Biru melangkah duluan, disusul Arina di belakangnya. Setelah sampai di depan pintu besi tadi, Biru langsung mengetuknya. Bukan mengetuk sih. Lebih tepatnya menggedor. Masalahnya tidak ada bunyi yang keras jika pintu besi di depan mereka hanya diketuk.
"Apa ada orang di dalam?!" seru Biru, masih dengan kegiatan menggedor pintu besi di depannya. Ini sudah kedua kalinya Biru berteriak memanggil orang dari dalam sana, tapi sama sekali tidak ada jawaban.
"Tolong buka atau bakal kudobrak," ancam Biru. Arina memberi tatapan mengejek mendengarnya. Sok-sokan, pikirnya. Mana kuat Biru dobrak pintu besi.

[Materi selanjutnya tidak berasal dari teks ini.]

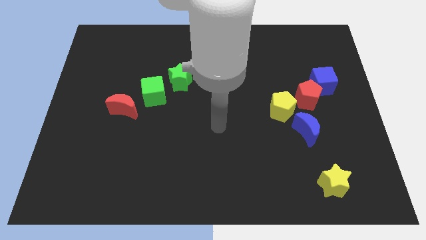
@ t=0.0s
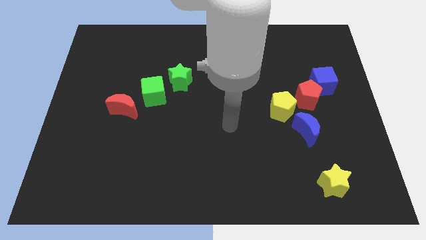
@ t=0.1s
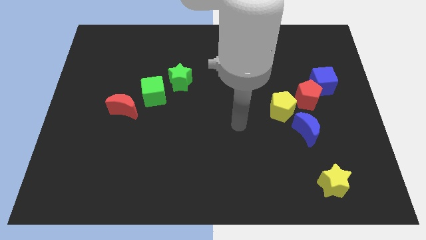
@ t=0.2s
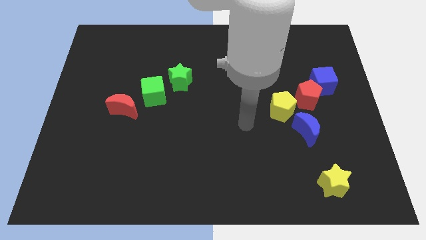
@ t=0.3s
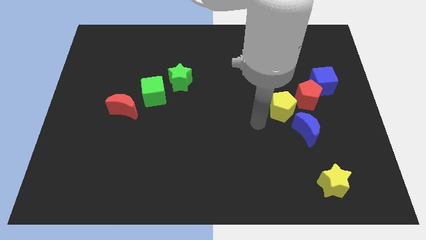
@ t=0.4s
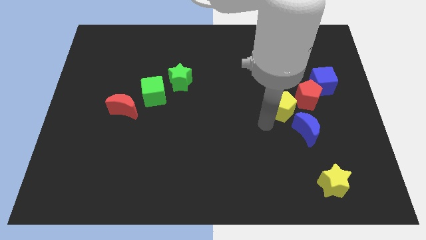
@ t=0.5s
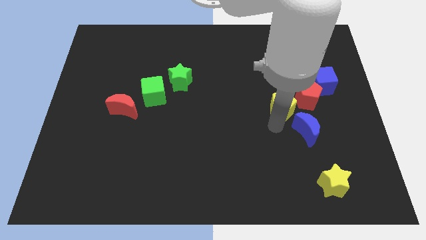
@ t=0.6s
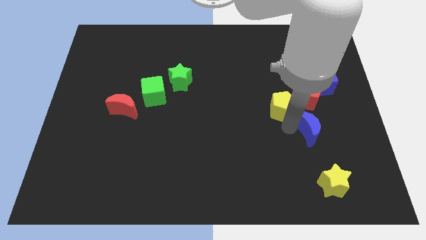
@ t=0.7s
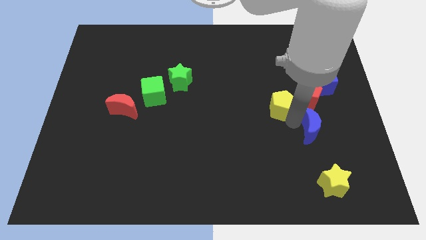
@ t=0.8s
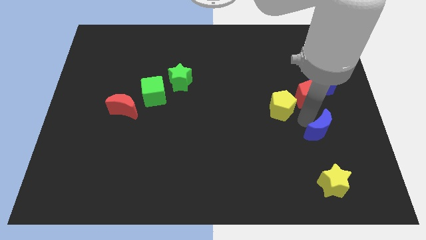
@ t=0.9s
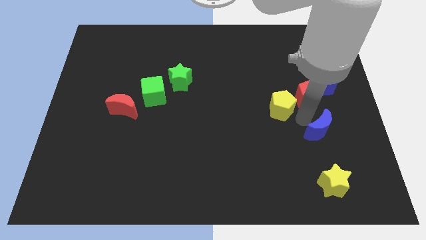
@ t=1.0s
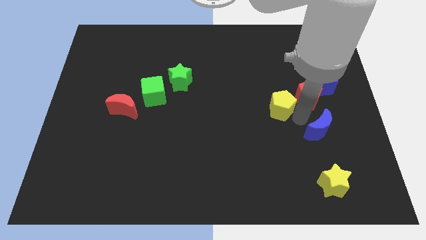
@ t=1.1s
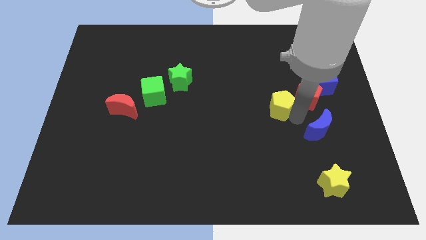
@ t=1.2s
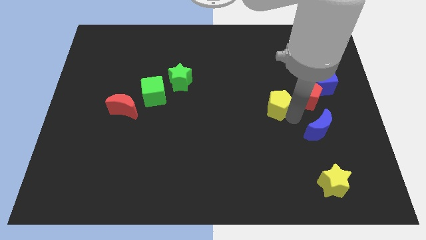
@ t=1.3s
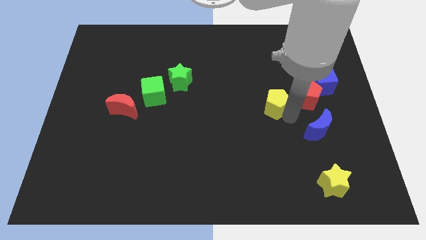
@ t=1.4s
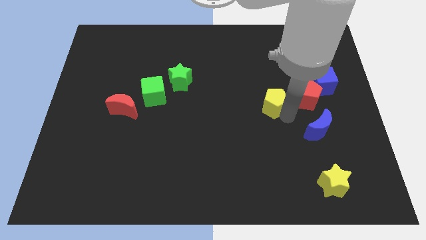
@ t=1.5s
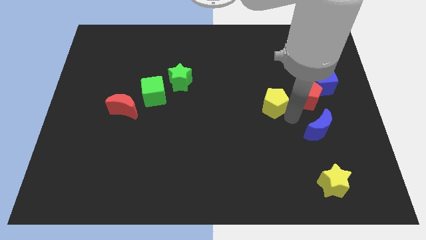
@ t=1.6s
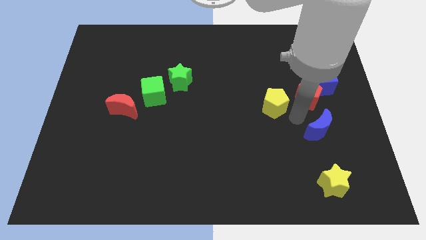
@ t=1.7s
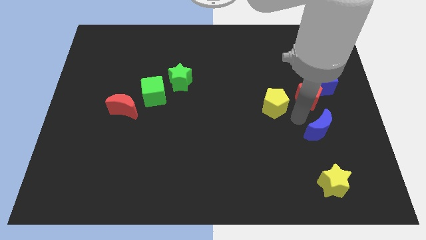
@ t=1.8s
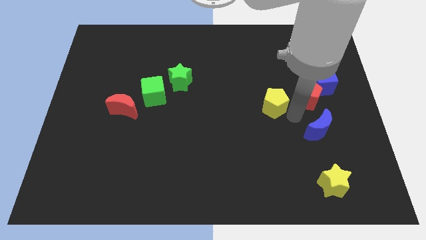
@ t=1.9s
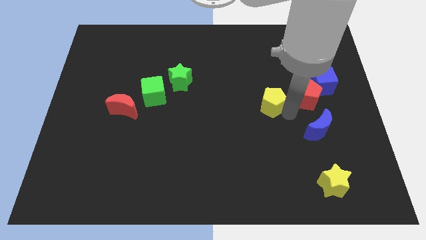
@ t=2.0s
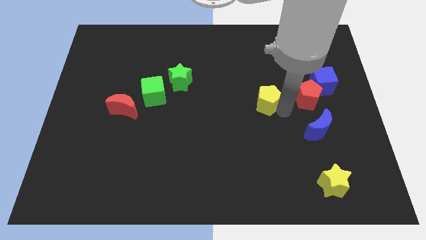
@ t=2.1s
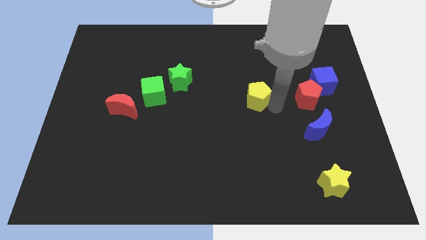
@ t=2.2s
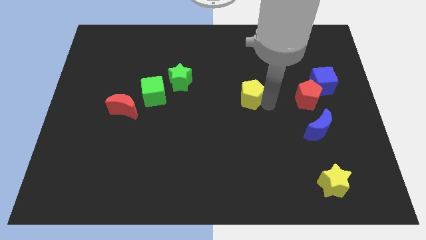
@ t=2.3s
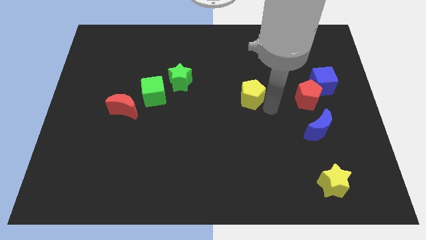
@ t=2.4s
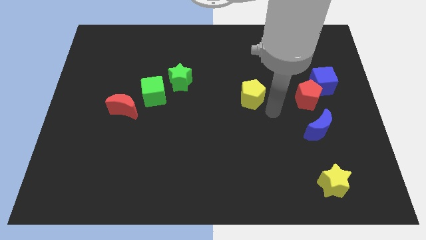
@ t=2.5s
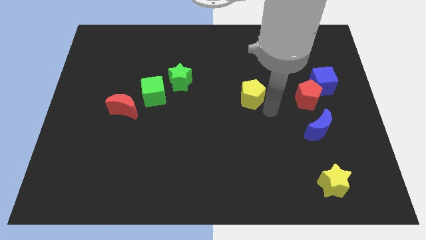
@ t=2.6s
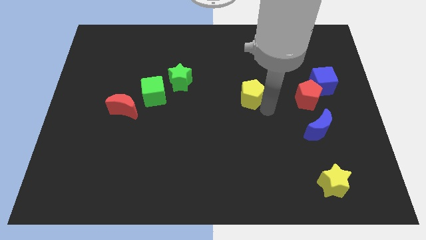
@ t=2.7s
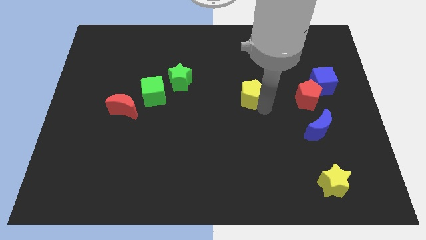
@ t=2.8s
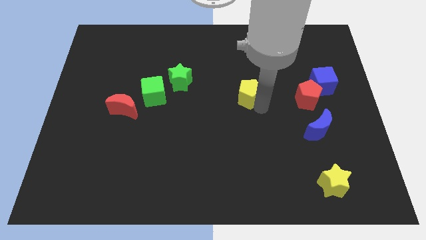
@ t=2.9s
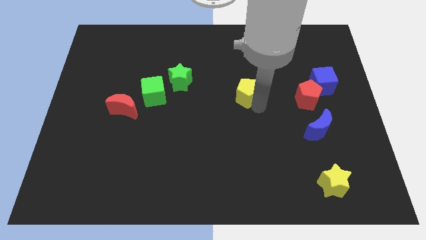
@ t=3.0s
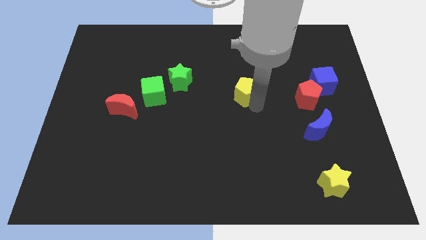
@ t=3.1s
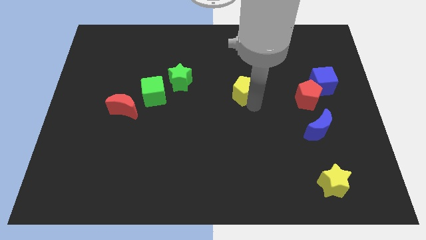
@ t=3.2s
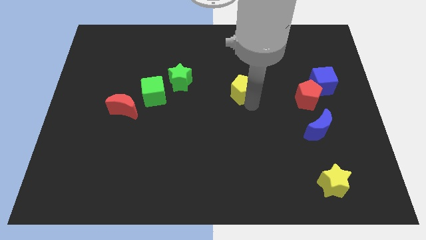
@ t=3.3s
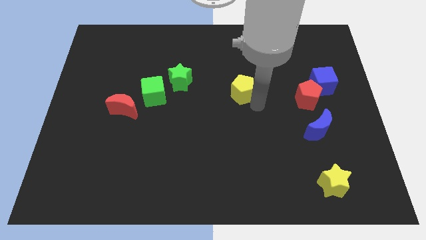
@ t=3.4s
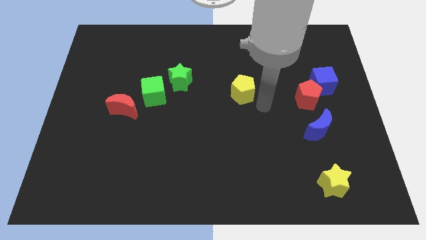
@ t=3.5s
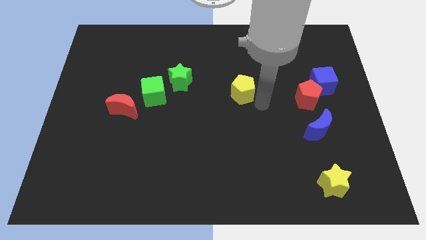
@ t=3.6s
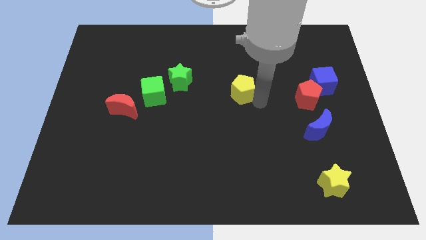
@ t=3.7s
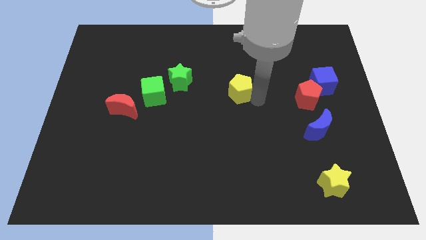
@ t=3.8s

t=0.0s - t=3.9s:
move the yellow pentagon to the right of the green star

"Kamu cuma gertak, Blue. Mana mungkin kamu bisa dobrak pintu besi," ejek Arina.
"Yang penting orangnya takut."
Tepat setelah Biru selesai berbicara, salah satu daun pintu besi tadi terbuka. Seorang gadis keluar. Gadis itu mengangkat busur panah serta menarik anak panahnya ke arah Arina dan Biru. Arina langsung mengangkat tangan ke atas. Jantungnya berdegup kencang, sama seperti Biru. Jika begini caranya, bukan gadis di depan mereka yang takut gara-gara ancaman Biru tadi, melainkan Arina dan Biru sendiri.